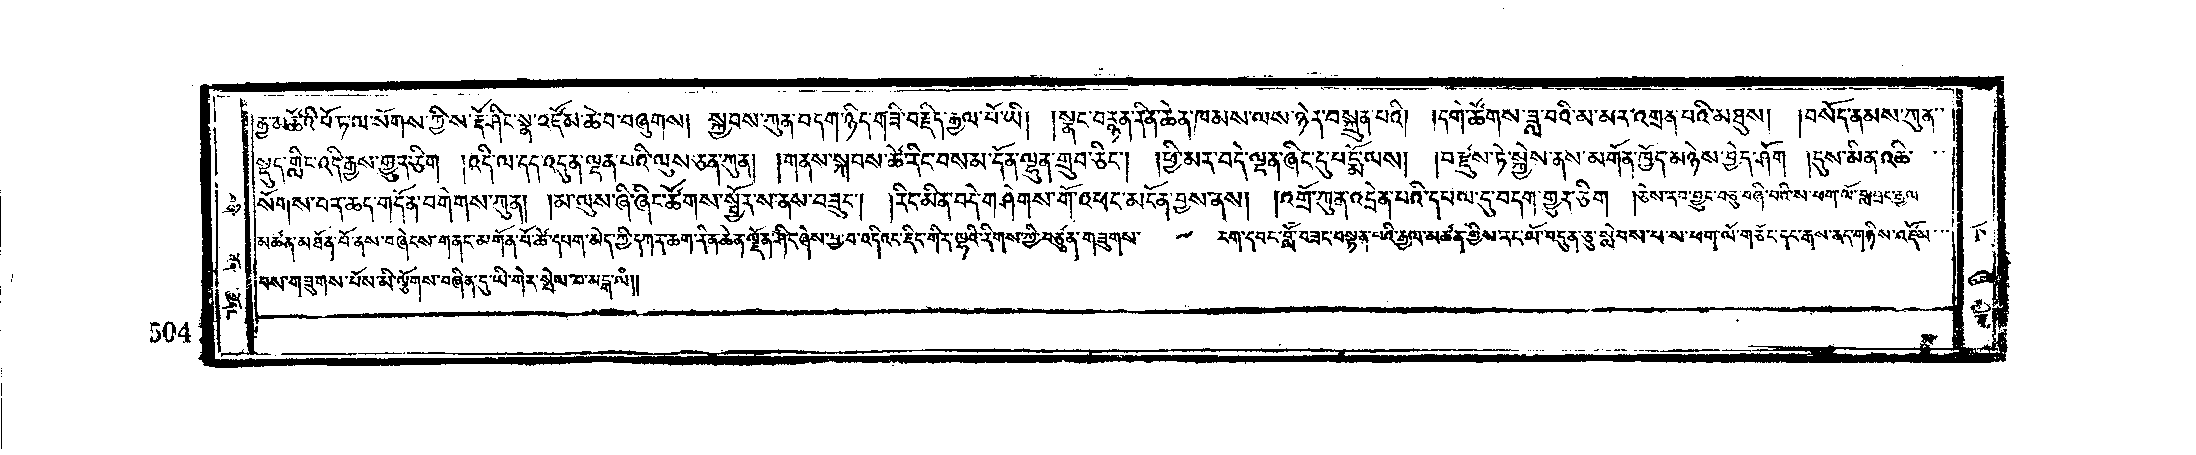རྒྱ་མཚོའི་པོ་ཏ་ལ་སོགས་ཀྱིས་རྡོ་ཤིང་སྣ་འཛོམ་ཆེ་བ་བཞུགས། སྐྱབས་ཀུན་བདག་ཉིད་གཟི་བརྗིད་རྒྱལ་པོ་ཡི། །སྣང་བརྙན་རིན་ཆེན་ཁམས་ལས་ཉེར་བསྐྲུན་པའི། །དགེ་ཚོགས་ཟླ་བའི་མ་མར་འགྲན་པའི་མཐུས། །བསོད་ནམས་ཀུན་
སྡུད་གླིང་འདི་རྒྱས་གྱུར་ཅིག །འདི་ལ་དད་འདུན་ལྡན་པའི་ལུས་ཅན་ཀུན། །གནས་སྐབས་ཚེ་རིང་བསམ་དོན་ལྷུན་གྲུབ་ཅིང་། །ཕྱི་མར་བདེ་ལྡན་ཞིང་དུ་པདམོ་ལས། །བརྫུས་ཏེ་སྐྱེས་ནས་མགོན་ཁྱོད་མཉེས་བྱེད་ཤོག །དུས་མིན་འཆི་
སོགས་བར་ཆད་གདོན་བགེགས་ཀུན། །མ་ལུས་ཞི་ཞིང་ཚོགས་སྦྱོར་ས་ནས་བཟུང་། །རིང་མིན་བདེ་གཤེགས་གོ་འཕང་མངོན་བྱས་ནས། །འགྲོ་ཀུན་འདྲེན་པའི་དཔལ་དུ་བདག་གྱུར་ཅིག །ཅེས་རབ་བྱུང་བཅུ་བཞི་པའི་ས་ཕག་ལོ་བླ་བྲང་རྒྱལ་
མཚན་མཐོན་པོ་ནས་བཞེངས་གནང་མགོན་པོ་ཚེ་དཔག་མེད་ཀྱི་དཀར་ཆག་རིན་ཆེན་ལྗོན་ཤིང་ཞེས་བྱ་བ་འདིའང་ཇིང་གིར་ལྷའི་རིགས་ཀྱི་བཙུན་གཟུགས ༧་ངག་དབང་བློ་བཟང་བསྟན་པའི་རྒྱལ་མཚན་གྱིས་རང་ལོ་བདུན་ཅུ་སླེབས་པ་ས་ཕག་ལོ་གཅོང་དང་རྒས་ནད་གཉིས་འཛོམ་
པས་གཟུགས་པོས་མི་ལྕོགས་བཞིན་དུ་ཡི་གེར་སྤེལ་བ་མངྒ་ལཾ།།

****

→ **Task statement**
Give an exact copy of the data, and omit any pictures it holds.

→ **Task result**
རྒྱ་མཚོའི་པོ་ཏ་ལ་སོགས་ཀྱིས་རྡོ་ཤིང་སྣ་འཛོམ་ཆེ་བ་བཞུགས། སྐྱབས་ཀུན་བདག་ཉིད་གཟི་བརྗིད་རྒྱལ་པོ་ཡི། །སྣང་བརྙན་རིན་ཆེན་ཁམས་ལས་ཉེར་བསྐྲུན་པའི། །དགེ་ཚོགས་ཟླ་བའི་མ་མར་འགྲན་པའི་མཐུས། །བསོད་ནམས་ཀུན་
སྡུད་གླིང་འདི་རྒྱས་གྱུར་ཅིག །འདི་ལ་དད་འདུན་ལྡན་པའི་ལུས་ཅན་ཀུན། །གནས་སྐབས་ཚེ་རིང་བསམ་དོན་ལྷུན་གྲུབ་ཅིང་། །ཕྱི་མར་བདེ་ལྡན་ཞིང་དུ་པདམོ་ལས། །བརྫུས་ཏེ་སྐྱེས་ནས་མགོན་ཁྱོད་མཉེས་བྱེད་ཤོག །དུས་མིན་འཆི་
སོགས་བར་ཆད་གདོན་བགེགས་ཀུན། །མ་ལུས་ཞི་ཞིང་ཚོགས་སྦྱོར་ས་ནས་བཟུང་། །རིང་མིན་བདེ་གཤེགས་གོ་འཕང་མངོན་བྱས་ནས། །འགྲོ་ཀུན་འདྲེན་པའི་དཔལ་དུ་བདག་གྱུར་ཅིག །ཅེས་རབ་བྱུང་བཅུ་བཞི་པའི་ས་ཕག་ལོ་བླ་བྲང་རྒྱལ་
མཚན་མཐོན་པོ་ནས་བཞེངས་གནང་མགོན་པོ་ཚེ་དཔག་མེད་ཀྱི་དཀར་ཆག་རིན་ཆེན་ལྗོན་ཤིང་ཞེས་བྱ་བ་འདིའང་ཇིང་གིར་ལྷའི་རིགས་ཀྱི་བཙུན་གཟུགས ༧་ངག་དབང་བློ་བཟང་བསྟན་པའི་རྒྱལ་མཚན་གྱིས་རང་ལོ་བདུན་ཅུ་སླེབས་པ་ས་ཕག་ལོ་གཅོང་དང་རྒས་ནད་གཉིས་འཛོམ་
པས་གཟུགས་པོས་མི་ལྕོགས་བཞིན་དུ་ཡི་གེར་སྤེལ་བ་མངྒ་ལཾ།།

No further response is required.